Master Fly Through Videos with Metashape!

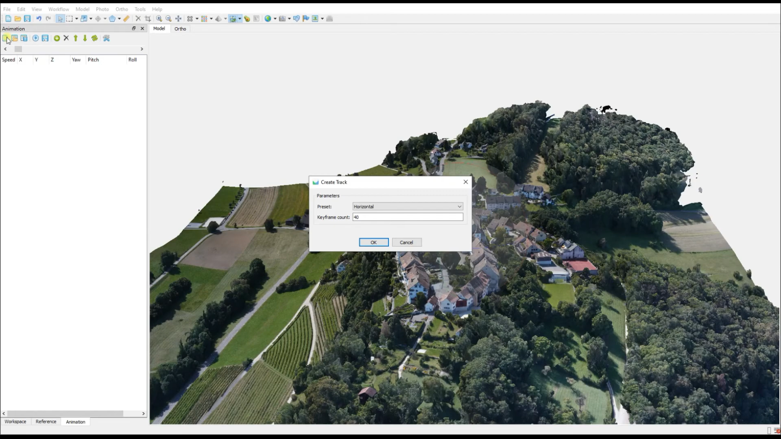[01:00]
define the flight path that we want to view and produce metashape has two different flight paths automatically built in so if you click create the first option is to create a horizontal flight path and if you say ok and zoom out you will actually be able to see
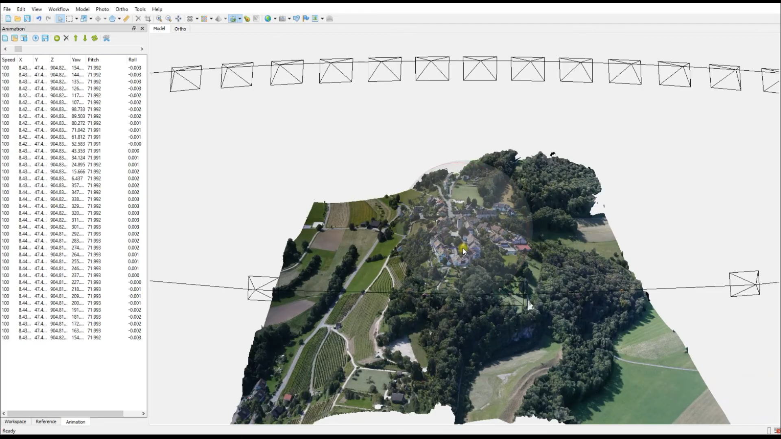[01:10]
the position of all these different cameras now for this horizontal fly-through on the left hand side of the screen you can see the 40 elements or the 40 keyframes that
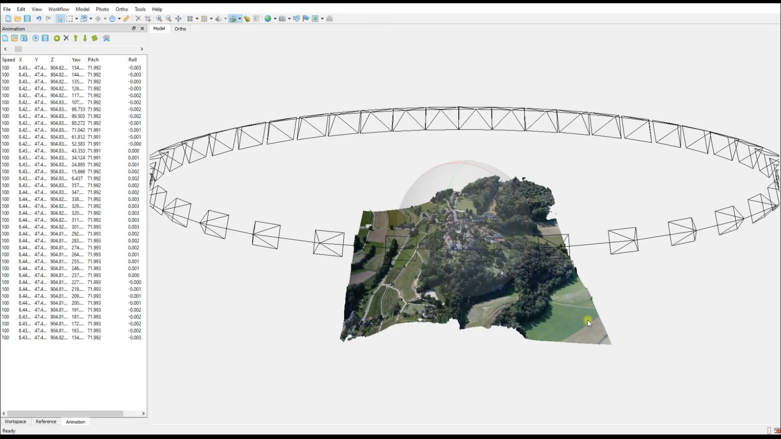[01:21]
it has created if you go to any of these keyframes double click on them you'll be able to see now what the video would be viewing at that point in time so if you don't like any of these viewing positions or you want to edit them ever so slightly you can shift it around and then update that view
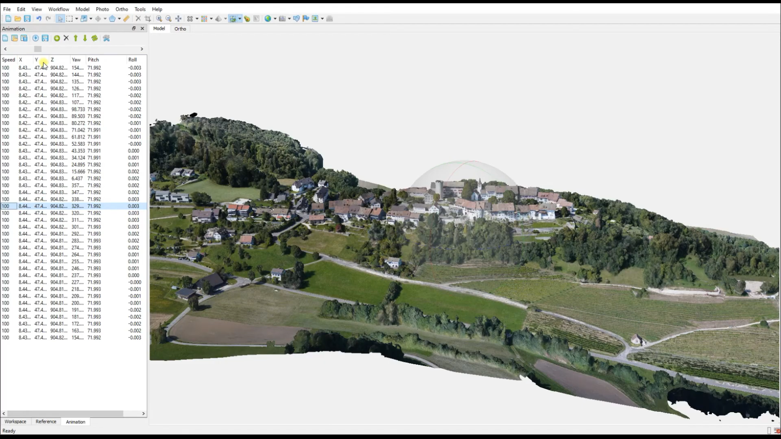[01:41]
but let's leave those alone for the moment and we're going to go back to the first keyframe and we're going to start the video to see what it looks like
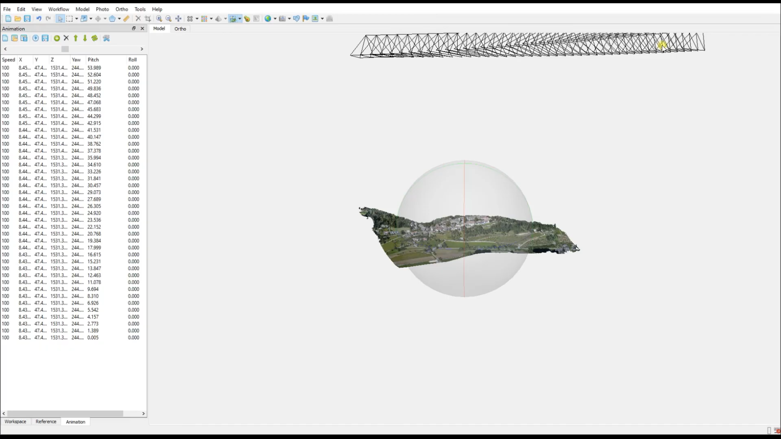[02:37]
at the top just a straight line of camera frames and we can see them all pointing down towards the data so we know this is just going to be a
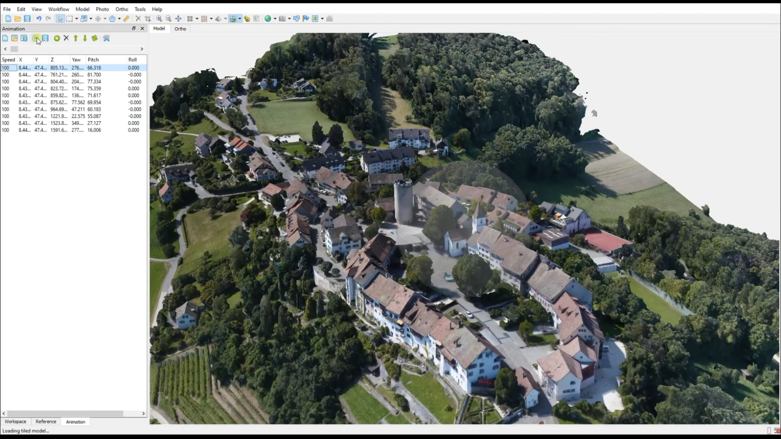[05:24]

════════════════

• **EXERCISE BRIEF**:
Minus its pictures, the full listing should be copied verbatim.

• **TASK OUTPUT**:
Master Fly Through Videos with Metashape!

[01:00]
define the flight path that we want to view and produce metashape has two different flight paths automatically built in so if you click create the first option is to create a horizontal flight path and if you say ok and zoom out you will actually be able to see
[01:10]
the position of all these different cameras now for this horizontal fly-through on the left hand side of the screen you can see the 40 elements or the 40 keyframes that
[01:21]
it has created if you go to any of these keyframes double click on them you'll be able to see now what the video would be viewing at that point in time so if you don't like any of these viewing positions or you want to edit them ever so slightly you can shift it around and then update that view
[01:41]
but let's leave those alone for the moment and we're going to go back to the first keyframe and we're going to start the video to see what it looks like
[02:37]
at the top just a straight line of camera frames and we can see them all pointing down towards the data so we know this is just going to be a
[05:24]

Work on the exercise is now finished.